Title:General soliton matrices in the Riemann-Hilbert problem for integrable nonlinear equations

Abstract: We derive the soliton matrices corresponding to an arbitrary number of higher-order normal zeros for the matrix Riemann-Hilbert problem of arbitrary matrix dimension, thus giving the complete solution to the problem of higher-order solitons. Our soliton matrices explicitly give all higher-order multi-soliton solutions to the nonlinear partial differential equations integrable through the matrix Riemann-Hilbert problem. We have applied these general results to the three-wave interaction system, and derived new classes of higher-order soliton and two-soliton solutions, in complement to those from our previous publication [Stud. Appl. Math. \textbf{110}, 297 (2003)], where only the elementary higher-order zeros were considered. The higher-order solitons corresponding to non-elementary zeros generically describe the simultaneous breakup of a pumping wave $(u_3)$ into the other two components ($u_1$ and $u_2$) and merger of $u_1$ and $u_2$ waves into the pumping $u_3$ wave.

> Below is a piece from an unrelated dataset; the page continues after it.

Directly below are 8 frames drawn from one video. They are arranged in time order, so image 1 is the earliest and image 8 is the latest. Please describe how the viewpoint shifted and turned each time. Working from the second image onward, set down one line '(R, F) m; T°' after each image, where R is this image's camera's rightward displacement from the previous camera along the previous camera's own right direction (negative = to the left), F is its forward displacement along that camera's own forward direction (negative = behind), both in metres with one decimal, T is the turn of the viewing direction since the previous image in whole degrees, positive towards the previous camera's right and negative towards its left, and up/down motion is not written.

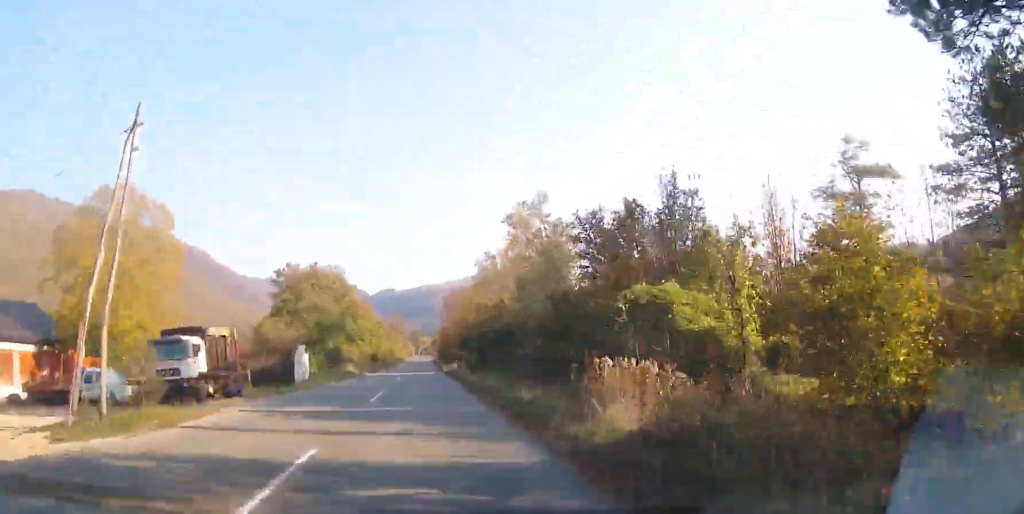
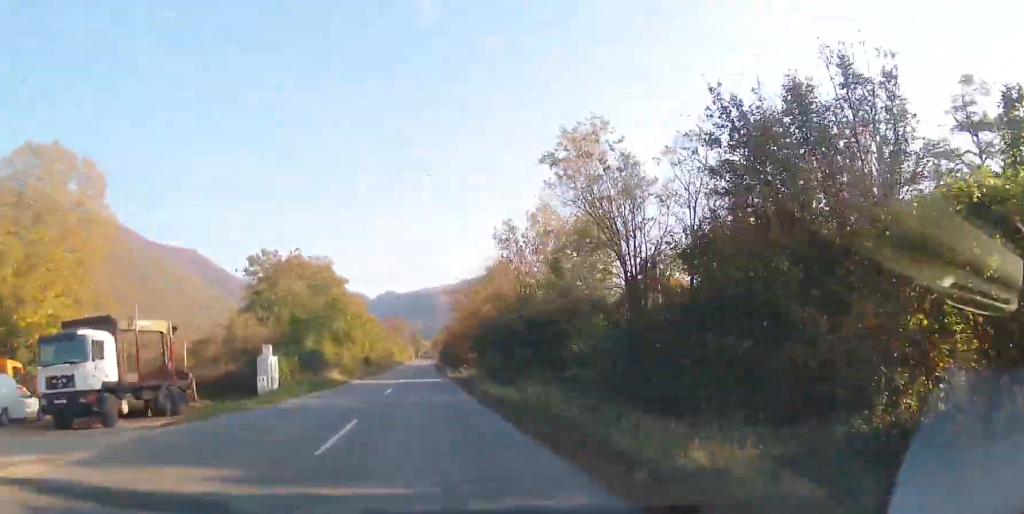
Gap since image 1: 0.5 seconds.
(0.0, +9.4) m; -1°
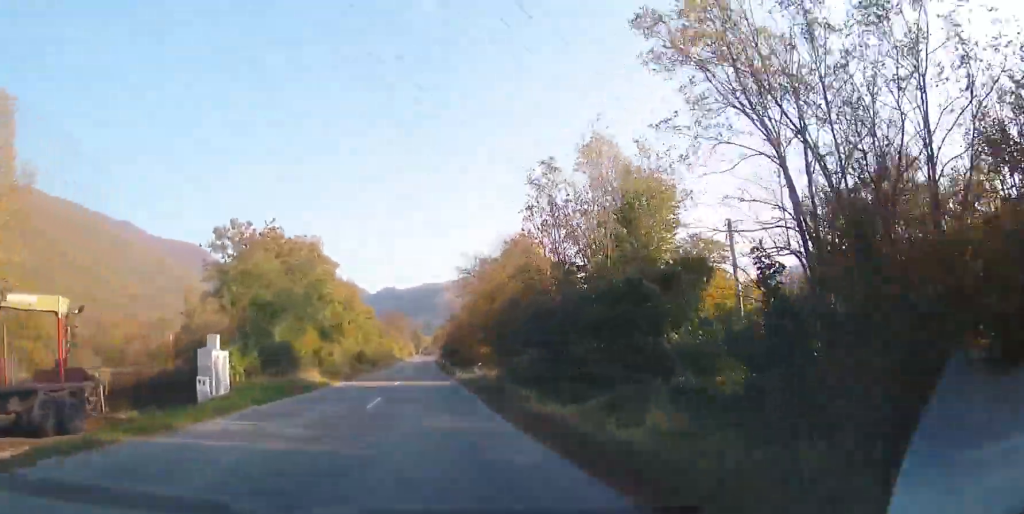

The two-soliton solutions corresponding to two simple zeros generically describe the breakup of the pumping $u_3$ wave into the $u_1$ and $u_2$ components, and the reverse process. In the non-generic cases, these two-soliton solutions could describe the elastic interaction of the $u_1$ and $u_2$ waves, thus reproducing previous results obtained by Zakharov and Manakov [Zh. Eksp. Teor. Fiz. \textbf{69}, 1654 (1975)] and Kaup [Stud. Appl. Math. \textbf{55}, 9 (1976)].